Work request:
Transcribe the data in full and exactly, omitting any pictures.

Provided data:
::::

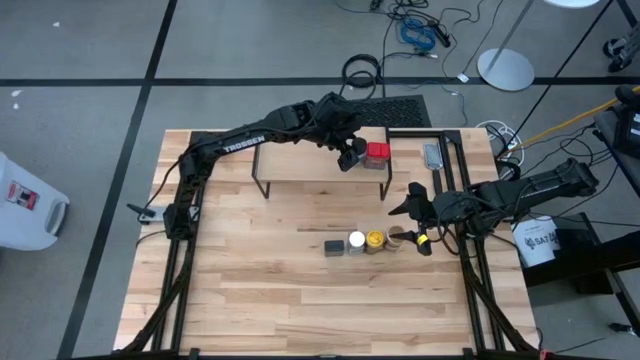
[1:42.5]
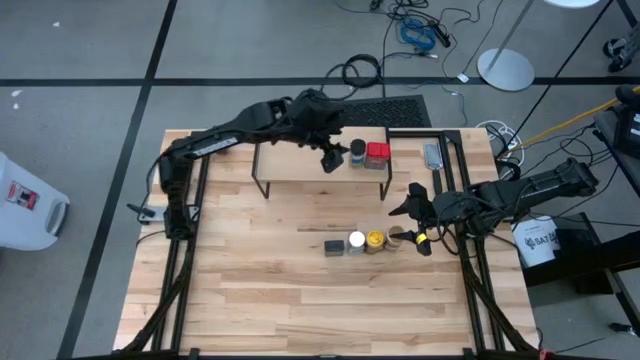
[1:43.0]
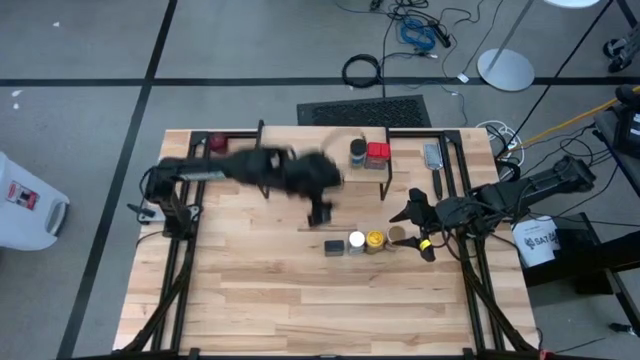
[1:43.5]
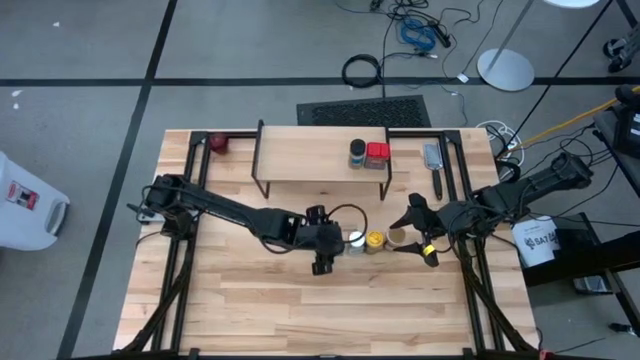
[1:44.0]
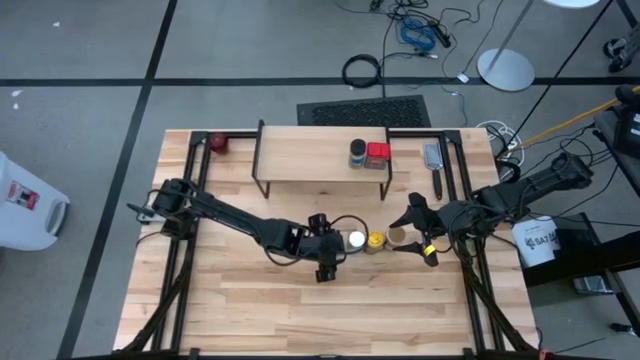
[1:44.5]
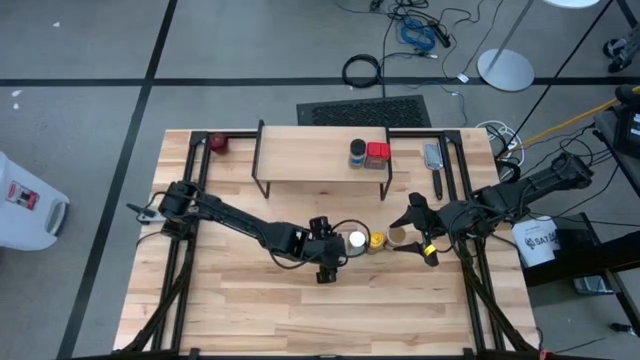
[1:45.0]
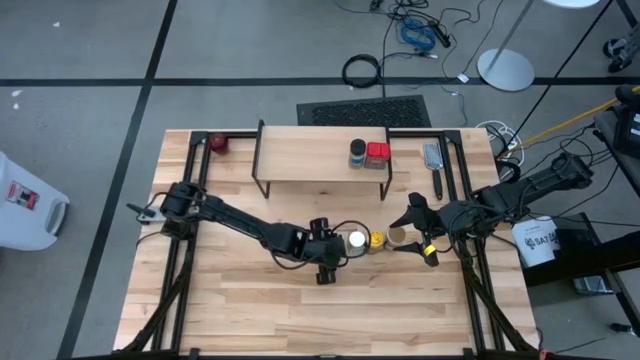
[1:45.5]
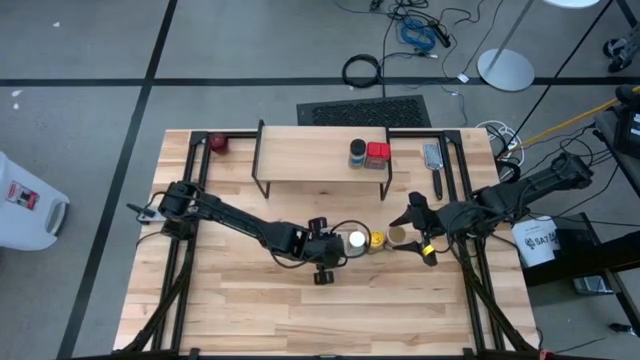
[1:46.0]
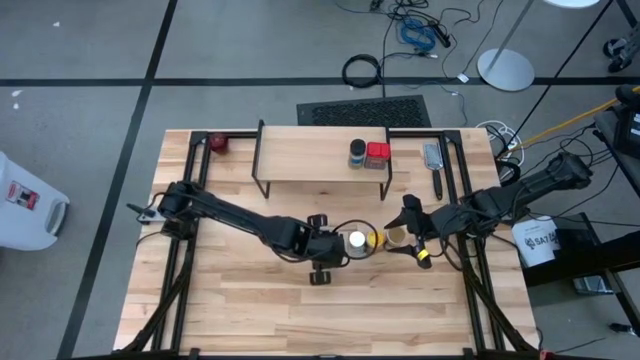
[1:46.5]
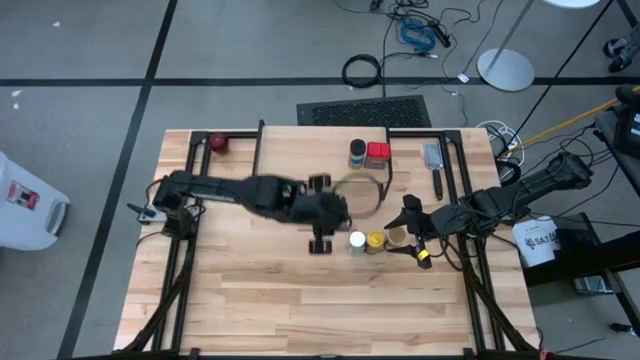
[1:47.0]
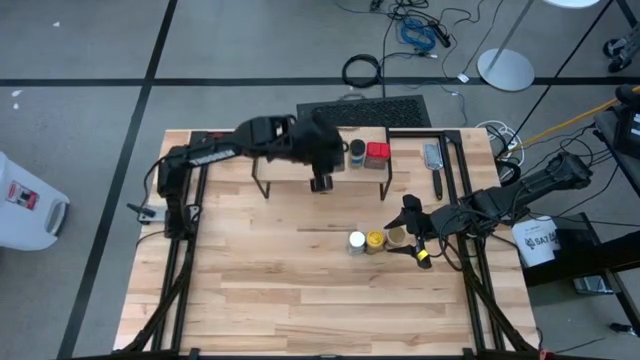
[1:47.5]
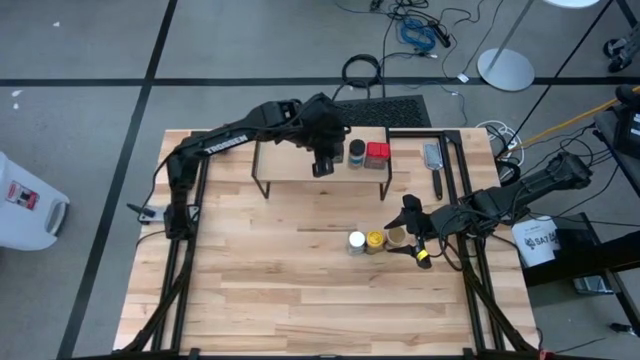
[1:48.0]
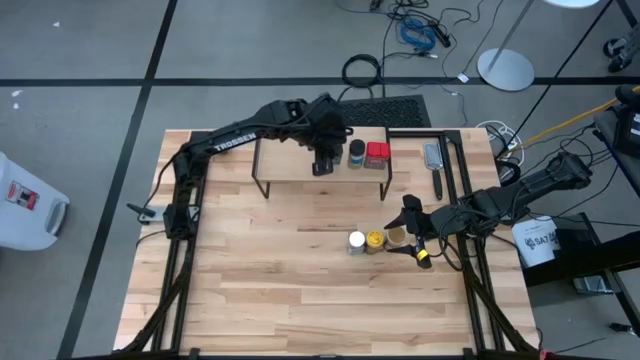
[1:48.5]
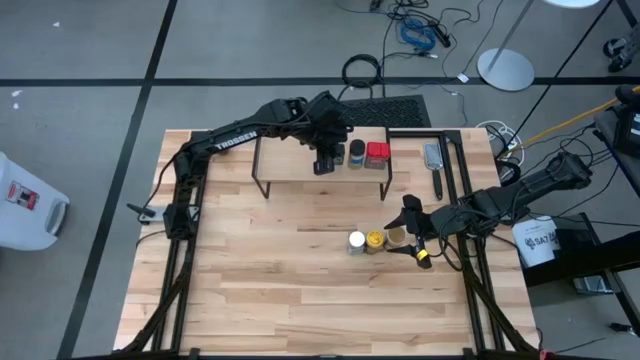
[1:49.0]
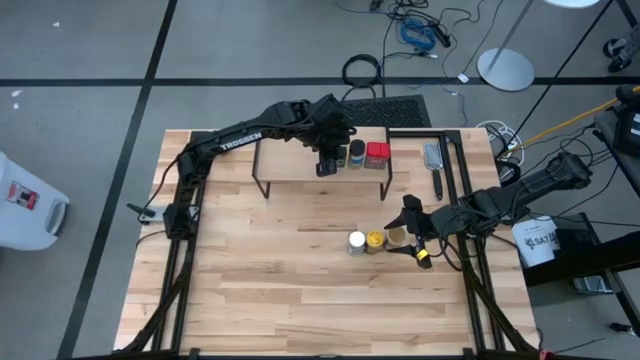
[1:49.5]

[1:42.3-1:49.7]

::::

Problem solution:
[1:42.5]
[1:43.0]
[1:43.5]
[1:44.0]
[1:44.5]
[1:45.0]
[1:45.5]
[1:46.0]
[1:46.5]
[1:47.0]
[1:47.5]
[1:48.0]
[1:48.5]
[1:49.0]
[1:49.5]

[1:42.3-1:49.7]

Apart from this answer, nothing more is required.